EVEX.256 encoded version: The source operand is a YMM register, a 256-bit memory location, or a 256-bit vector broadcasted from a 32/64-bit memory location. The destination operand is a YMM register, conditionally updated using writemask k1.
EVEX.128 encoded version: The source operand is a XMM register, a 128-bit memory location, or a 128-bit vector broadcasted from a 32/64-bit memory location.
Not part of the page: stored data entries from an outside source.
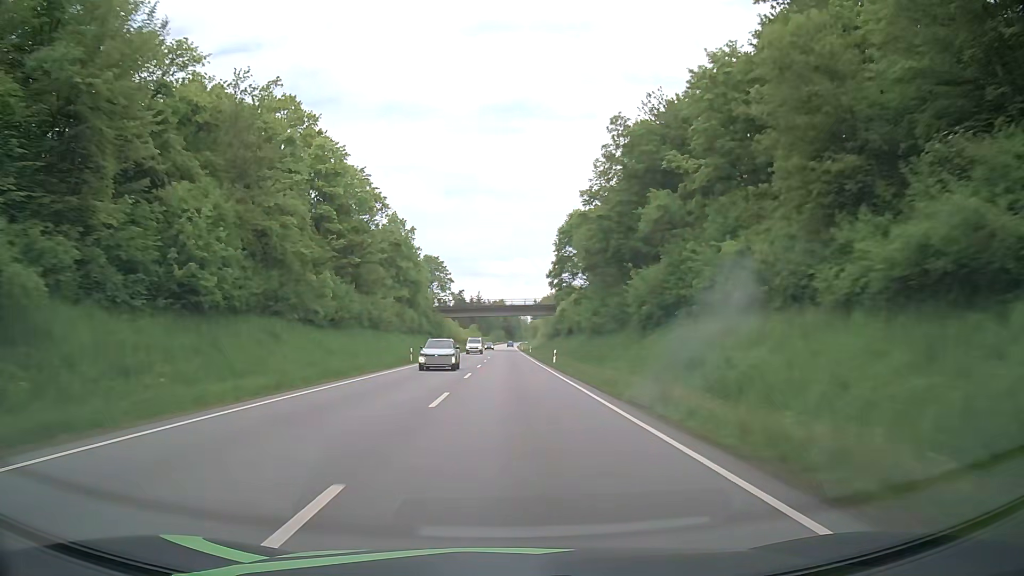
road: primary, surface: asphalt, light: Day
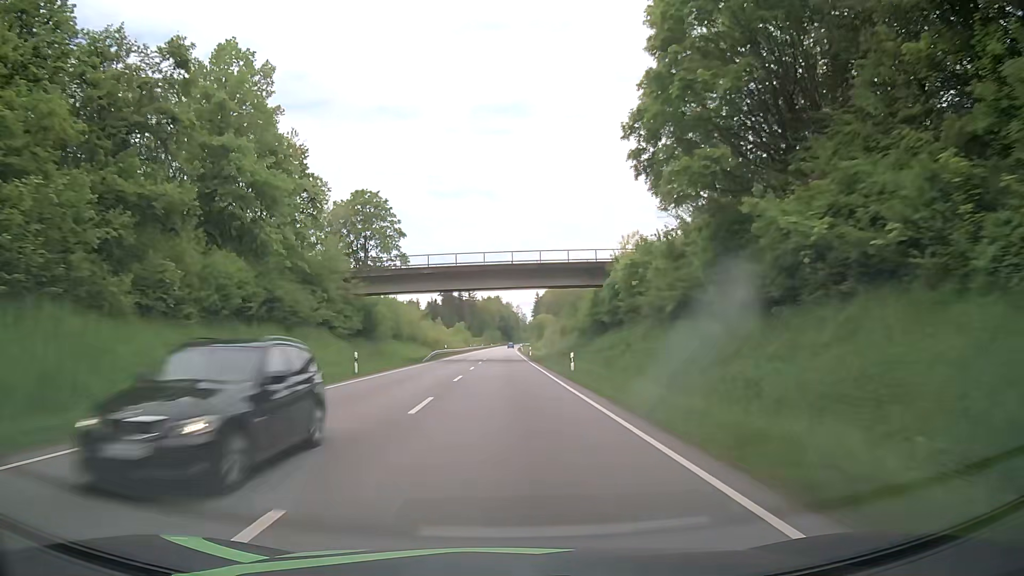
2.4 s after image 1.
(+0.2, +60.9) m; 0°
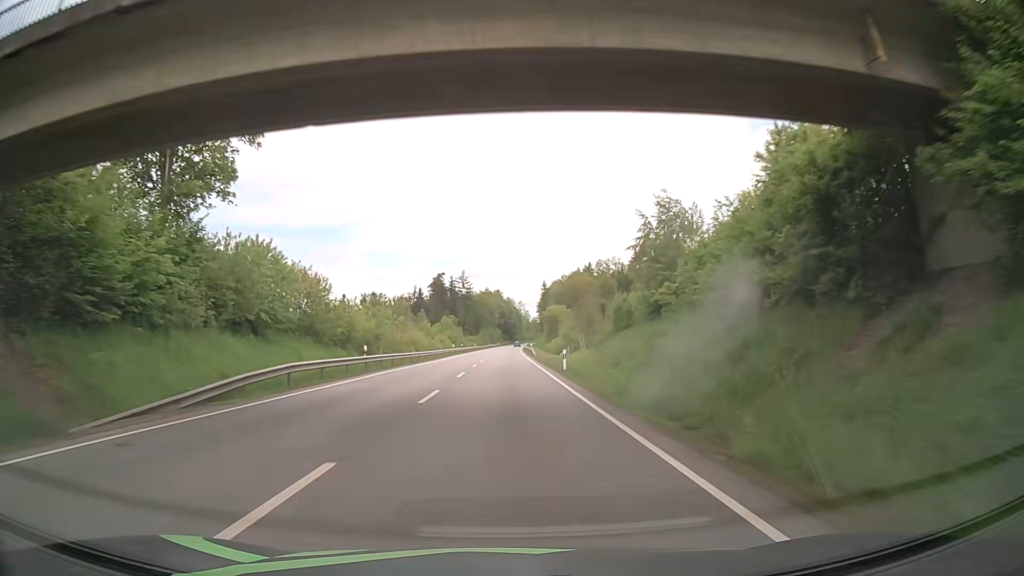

The destination operand is a XMM register, conditionally updated using writemask k1.
EVEX.vvvv is reserved and must be 1111b otherwise instructions will #UD.
Operation
VPLZCNTD
(KL, VL) = (4, 128), (8, 256), (16, 512)
FOR j := 0 TO KL-1
i := j*32
IF MaskBit(j) OR *no writemask*
THEN
temp := 32
DEST[i+31:i] := 0
WHILE (temp > 0) AND (SRC[i+temp-1] = 0)
DO
temp := temp – 1
DEST[i+31:i] := DEST[i+31:i] + 1
OD
ELSE
IF *merging-masking*
THEN *DEST[i+31:i] remains unchanged*
ELSE DEST[i+31:i] := 0
FI
FI
ENDFOR
DEST[MAXVL-1:VL] := 0
VPLZCNTQ
(KL, VL) = (2, 128), (4, 256), (8, 512)
FOR j := 0 TO KL-1
i := j*64
IF MaskBit(j) OR *no writemask*
THEN
temp := 64
DEST[i+63:i] := 0
WHILE (temp > 0) AND (SRC[i+temp-1] = 0)
DO
temp := temp – 1
DEST[i+63:i] := DEST[i+63:i] + 1
OD
ELSE
IF *merging-masking*
THEN *DEST[i+63:i] remains unchanged*
ELSE DEST[i+63:i] := 0
FI
FI
ENDFOR
DEST[MAXVL-1:VL] := 0
Intel C/C++ Compiler Intrinsic Equivalent
VPLZCNTD __m512i _mm512_lzcnt_epi32(__m512i a);
VPLZCNTD __m512i _mm512_mask_lzcnt_epi32(__m512i s, __mmask16 m, __m512i a);
VPLZCNTD __m512i _mm512_maskz_lzcnt_epi32( __mmask16 m, __m512i a);
VPLZCNTQ __m512i _mm512_lzcnt_epi64(__m512i a);
VPLZCNTQ __m512i _mm512_mask_lzcnt_epi64(__m512i s, __mmask8 m, __m512i a);
VPLZCNTQ __m512i _mm512_maskz_lzcnt_epi64(__mmask8 m, __m512i a);
VPLZCNTD __m256i _mm256_lzcnt_epi32(__m256i a);
VPLZCNTD __m256i _mm256_mask_lzcnt_epi32(__m256i s, __mmask8 m, __m256i a);
VPLZCNTD __m256i _mm256_maskz_lzcnt_epi32( __mmask8 m, __m256i a);
VPLZCNTQ __m256i _mm256_lzcnt_epi64(__m256i a);
VPLZCNTQ __m256i _mm256_mask_lzcnt_epi64(__m256i s, __mmask8 m, __m256i a);
VPLZCNTQ __m256i _mm256_maskz_lzcnt_epi64(__mmask8 m, __m256i a);
VPLZCNTD __m128i _mm_lzcnt_epi32(__m128i a);
VPLZCNTD __m128i _mm_mask_lzcnt_epi32(__m128i s, __mmask8 m, __m128i a);
VPLZCNTD __m128i _mm_maskz_lzcnt_epi32( __mmask8 m, __m128i a);
VPLZCNTQ __m128i _mm_lzcnt_epi64(__m128i a);
VPLZCNTQ __m128i _mm_mask_lzcnt_epi64(__m128i s, __mmask8 m, __m128i a);
VPLZCNTQ __m128i _mm_maskz_lzcnt_epi64(__mmask8 m, __m128i a);
SIMD Floating-Point Exceptions
None.
Other Exceptions
EVEX-encoded instruction, see Table 2-49, “Type E4 Class Exception Conditions.”